Show that $M = \{(x,y) \in \mathbb{R}^p \times \mathbb{R}^q : \lvert x \rvert = \lvert y \rvert \neq 0 \}$ is connected for $p,q \geq 2$

How can I show that $M = \{(x,y) \in \mathbb{R}^p \times \mathbb{R}^q : \lvert x \rvert = \lvert y \rvert \neq 0 \}$ is connected?

I can find a path $\gamma(t) = (tx, ty)$ which lays on $M$ for $t$ in $[1,\frac{1}{\| x \|}]$, then we have that

$\gamma(1) = (x,y)$ and $\gamma \left(\frac{1}{\| x \|} \right) = \left(\frac{x}{\| x \|}, \frac{y}{\| y \|}\right)$.
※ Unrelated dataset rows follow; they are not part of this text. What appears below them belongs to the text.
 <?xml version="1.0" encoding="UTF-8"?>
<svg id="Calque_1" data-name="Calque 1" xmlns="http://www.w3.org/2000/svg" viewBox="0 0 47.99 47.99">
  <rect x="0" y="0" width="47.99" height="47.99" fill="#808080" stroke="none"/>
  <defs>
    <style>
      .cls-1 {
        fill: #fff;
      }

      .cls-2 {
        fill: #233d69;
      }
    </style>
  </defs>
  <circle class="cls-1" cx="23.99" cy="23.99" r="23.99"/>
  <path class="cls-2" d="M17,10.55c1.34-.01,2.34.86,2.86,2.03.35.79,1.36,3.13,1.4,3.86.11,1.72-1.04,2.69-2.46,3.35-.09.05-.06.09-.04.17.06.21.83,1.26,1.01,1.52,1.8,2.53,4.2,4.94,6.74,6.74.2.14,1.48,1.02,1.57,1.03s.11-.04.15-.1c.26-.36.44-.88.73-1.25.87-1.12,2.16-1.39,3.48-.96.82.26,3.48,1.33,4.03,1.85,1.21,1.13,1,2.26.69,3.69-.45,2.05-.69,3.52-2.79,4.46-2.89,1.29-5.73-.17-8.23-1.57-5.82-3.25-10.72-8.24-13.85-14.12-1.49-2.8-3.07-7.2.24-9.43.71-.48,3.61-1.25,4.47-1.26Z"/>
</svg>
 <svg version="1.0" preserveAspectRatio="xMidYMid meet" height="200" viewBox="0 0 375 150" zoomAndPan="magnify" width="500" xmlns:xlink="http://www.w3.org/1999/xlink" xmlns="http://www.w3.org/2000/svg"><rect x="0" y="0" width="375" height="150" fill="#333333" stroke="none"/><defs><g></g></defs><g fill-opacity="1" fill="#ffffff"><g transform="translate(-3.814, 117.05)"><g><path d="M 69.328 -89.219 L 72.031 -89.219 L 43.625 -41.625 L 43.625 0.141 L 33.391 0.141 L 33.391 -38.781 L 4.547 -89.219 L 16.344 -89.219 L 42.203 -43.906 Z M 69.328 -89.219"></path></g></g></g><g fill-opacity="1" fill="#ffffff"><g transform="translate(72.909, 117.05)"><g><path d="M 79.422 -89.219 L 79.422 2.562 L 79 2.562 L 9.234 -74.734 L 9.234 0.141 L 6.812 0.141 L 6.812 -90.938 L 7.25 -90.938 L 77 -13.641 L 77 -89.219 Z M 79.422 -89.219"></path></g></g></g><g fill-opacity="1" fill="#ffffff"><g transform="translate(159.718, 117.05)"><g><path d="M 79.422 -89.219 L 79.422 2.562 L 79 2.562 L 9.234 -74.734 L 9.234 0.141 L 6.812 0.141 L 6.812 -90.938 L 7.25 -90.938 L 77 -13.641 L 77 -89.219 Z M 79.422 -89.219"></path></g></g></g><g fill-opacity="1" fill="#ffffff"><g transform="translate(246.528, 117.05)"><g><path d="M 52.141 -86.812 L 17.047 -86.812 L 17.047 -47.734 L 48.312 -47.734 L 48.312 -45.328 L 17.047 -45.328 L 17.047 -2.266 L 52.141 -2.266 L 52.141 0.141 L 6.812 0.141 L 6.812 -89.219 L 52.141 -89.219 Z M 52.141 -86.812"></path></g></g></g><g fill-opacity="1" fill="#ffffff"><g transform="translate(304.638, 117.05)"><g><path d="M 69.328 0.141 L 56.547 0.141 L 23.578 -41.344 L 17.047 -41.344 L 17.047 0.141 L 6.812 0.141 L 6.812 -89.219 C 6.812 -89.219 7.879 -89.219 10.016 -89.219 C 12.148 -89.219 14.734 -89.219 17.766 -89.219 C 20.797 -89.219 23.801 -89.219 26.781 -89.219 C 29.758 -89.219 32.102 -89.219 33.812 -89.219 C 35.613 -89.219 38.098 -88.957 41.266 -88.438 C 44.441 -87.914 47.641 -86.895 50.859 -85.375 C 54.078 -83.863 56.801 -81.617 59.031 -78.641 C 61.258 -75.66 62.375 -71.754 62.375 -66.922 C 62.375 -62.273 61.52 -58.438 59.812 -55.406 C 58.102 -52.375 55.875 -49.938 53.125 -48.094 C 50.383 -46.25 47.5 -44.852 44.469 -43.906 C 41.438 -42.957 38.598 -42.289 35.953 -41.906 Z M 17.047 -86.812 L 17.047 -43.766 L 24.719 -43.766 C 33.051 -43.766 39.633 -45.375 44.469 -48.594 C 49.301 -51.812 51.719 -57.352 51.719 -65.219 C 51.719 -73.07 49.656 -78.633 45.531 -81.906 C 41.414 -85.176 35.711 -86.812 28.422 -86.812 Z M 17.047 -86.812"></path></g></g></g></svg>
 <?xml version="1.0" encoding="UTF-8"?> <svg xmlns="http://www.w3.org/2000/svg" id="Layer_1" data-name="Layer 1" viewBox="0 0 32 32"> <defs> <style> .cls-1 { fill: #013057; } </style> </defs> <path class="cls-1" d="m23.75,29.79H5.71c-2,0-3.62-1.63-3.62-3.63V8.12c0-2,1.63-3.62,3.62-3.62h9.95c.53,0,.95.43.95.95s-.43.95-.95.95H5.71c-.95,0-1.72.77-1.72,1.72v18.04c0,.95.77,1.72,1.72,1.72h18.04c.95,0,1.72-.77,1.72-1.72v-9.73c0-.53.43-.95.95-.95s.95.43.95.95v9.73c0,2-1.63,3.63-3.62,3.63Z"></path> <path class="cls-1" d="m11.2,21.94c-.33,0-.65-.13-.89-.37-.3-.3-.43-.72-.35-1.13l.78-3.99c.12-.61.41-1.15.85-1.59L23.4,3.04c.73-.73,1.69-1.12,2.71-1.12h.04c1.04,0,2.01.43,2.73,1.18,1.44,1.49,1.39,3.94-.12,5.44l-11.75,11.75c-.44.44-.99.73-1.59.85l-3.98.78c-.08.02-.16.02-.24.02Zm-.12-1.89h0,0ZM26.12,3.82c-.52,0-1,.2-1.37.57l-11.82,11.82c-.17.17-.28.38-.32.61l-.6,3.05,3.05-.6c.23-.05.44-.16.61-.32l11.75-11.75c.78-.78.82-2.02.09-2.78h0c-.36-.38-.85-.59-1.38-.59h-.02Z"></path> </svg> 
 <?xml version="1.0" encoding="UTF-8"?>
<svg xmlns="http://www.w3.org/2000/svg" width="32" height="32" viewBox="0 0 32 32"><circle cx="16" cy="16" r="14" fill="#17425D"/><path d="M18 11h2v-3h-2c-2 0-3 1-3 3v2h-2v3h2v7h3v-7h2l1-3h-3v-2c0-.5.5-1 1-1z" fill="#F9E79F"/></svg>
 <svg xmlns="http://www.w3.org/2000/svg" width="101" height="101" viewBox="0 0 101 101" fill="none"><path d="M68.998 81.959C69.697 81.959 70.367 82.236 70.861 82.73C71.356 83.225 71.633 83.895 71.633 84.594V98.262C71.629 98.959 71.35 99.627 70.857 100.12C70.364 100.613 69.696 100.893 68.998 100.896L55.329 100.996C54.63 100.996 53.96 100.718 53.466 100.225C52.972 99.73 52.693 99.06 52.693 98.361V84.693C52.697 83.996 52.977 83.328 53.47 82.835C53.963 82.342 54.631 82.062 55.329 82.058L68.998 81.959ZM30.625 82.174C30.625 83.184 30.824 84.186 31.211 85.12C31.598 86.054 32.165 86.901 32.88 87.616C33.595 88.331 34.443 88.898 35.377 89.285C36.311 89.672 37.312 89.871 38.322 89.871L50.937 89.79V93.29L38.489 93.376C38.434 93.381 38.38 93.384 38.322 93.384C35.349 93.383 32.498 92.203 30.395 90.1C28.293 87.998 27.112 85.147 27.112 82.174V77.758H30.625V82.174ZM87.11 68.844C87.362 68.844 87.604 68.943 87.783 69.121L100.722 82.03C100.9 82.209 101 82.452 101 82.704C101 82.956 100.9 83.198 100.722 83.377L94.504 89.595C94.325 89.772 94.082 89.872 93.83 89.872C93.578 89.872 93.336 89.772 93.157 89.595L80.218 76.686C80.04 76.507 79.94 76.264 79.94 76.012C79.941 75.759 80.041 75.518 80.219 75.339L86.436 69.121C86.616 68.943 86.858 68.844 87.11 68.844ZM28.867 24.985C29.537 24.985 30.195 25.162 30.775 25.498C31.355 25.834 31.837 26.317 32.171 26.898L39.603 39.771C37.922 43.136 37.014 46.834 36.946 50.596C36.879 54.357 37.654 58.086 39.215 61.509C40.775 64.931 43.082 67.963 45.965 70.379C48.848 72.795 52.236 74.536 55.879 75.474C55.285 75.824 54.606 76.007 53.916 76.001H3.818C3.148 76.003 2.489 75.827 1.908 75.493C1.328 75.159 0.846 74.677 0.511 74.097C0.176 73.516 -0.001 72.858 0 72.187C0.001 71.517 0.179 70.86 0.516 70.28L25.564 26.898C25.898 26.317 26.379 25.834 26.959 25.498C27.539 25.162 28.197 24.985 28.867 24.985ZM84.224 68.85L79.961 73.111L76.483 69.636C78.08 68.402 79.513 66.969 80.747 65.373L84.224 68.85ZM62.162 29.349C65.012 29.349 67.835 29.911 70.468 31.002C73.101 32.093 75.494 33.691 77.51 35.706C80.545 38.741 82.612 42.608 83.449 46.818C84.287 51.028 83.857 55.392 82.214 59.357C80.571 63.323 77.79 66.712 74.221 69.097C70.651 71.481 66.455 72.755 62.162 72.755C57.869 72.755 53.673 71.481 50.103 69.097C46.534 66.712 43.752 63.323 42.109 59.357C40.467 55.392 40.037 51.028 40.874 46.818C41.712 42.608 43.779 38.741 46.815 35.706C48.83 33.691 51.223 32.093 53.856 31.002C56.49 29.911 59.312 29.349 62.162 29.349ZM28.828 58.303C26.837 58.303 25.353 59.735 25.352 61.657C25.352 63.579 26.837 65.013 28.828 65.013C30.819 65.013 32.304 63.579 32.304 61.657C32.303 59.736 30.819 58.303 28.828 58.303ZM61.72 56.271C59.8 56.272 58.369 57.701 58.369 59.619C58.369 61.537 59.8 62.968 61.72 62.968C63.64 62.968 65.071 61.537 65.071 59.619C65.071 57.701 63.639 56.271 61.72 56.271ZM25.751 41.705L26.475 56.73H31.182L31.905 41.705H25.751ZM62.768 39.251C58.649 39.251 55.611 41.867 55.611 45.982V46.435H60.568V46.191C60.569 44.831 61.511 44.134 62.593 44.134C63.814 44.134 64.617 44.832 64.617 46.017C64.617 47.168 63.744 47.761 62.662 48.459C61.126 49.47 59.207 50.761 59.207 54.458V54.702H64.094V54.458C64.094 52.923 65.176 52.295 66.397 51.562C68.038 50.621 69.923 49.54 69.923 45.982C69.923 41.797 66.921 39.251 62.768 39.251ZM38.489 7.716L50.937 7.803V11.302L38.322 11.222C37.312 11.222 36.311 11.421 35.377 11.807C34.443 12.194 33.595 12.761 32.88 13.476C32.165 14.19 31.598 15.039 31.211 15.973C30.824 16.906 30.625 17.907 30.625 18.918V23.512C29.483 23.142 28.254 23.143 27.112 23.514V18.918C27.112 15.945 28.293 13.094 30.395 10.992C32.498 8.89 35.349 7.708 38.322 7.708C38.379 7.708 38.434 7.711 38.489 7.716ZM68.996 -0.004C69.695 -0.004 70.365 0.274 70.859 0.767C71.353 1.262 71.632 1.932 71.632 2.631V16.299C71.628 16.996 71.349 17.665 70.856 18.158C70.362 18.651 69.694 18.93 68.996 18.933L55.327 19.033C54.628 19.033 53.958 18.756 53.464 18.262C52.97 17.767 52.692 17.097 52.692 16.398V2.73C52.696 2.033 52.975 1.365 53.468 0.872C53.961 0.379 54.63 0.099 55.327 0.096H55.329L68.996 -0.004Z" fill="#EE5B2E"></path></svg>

How do I have to conclude from here? Thanks!


Solution 1:

(It seems to be implied by your own work that you know that path-connected spaces are connected.)

What you've done shows that there is a path in $M$ from an arbitrary $(x, y) \in M$ to the pair $\left(\frac{x}{\lVert x \rVert}, \frac{y}{\lVert y \rVert}\right) \in M$, which in particular are unit vectors. So, it's enough to now show that any two pairs $(x, y)$ and $(x', y')$ in $M$ which both have $\lVert x \rVert = \lVert x' \rVert = 1$ are connected by a path in $M$.

That's not so hard: we know that the unit sphere $S^{p - 1}$ in $\mathbb{R}^p$ is path-connected for $p \geq 2$, so there exists a path $\gamma : [0, 1] \to S^{p-1}$ from $x$ to $x'$, and likewise a path $\gamma' : [0, 1] \to S^{q-1}$ from $y$ to $y'$. Thus the map $t \mapsto (\gamma(t), \gamma'(t))$ is a path in $M$ from $(x, y)$ to $(x', y')$, as desired.